At a price of $7.5 per ticket, a musical theater group can fill every seat in their 1500 seat performance hall. For every additional dollar charged for admission, the number of tickets sold drops by 95.
a) What ticket price maximizes revenue? Round your answer to the nearest cent.
price = $
b) How many seats are sold at that price?
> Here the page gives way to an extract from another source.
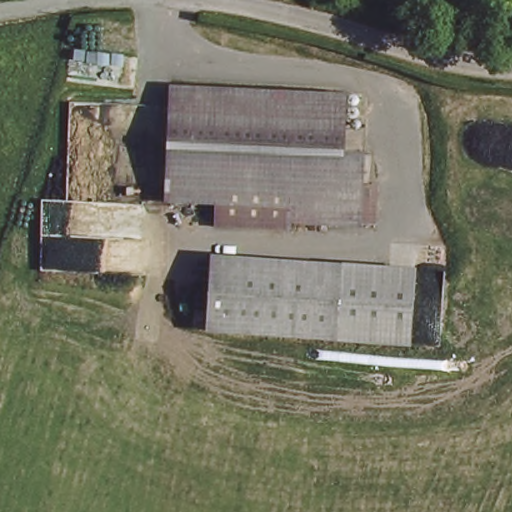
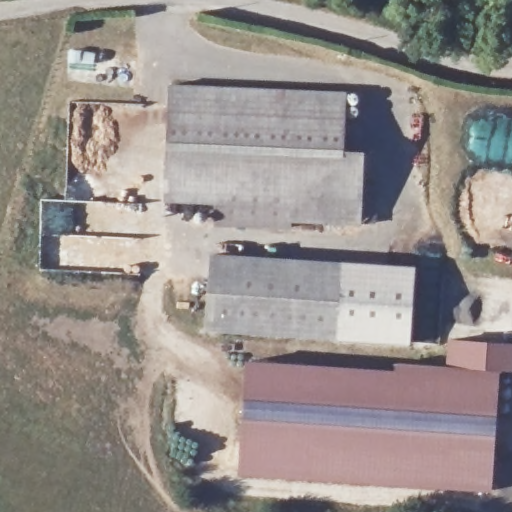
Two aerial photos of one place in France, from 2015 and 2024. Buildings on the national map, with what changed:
unchanged [(168,201),(171,87),(346,93),(344,154),(366,155),(366,181),(382,183),(383,223),(294,223),(293,204),(168,201)]
unchanged [(205,331),(211,254),(417,268),(411,343),(205,331)]
new [(395,362),(445,367),(448,337),(512,342),(512,372),(498,371),(492,491),(239,475),(245,360),(395,369),(395,362)]

Round your answer to the nearest whole number.
number of seats sold =
To find the ticket price that maximizes revenue, we need to determine the price at which the product of the price and the number of seats sold is highest.
Let's break it down into steps:
1. Start with the base price of $7.5 per ticket.
2. For each additional dollar charged for admission, the number of tickets sold drops by 95.
3. So, if the ticket price is increased by $1, the number of tickets sold will be 1-95 = 1505 (1500 - 95).
4. We can generalize this relationship as follows:
- If the ticket price is $7.5, the number of tickets sold is 1500.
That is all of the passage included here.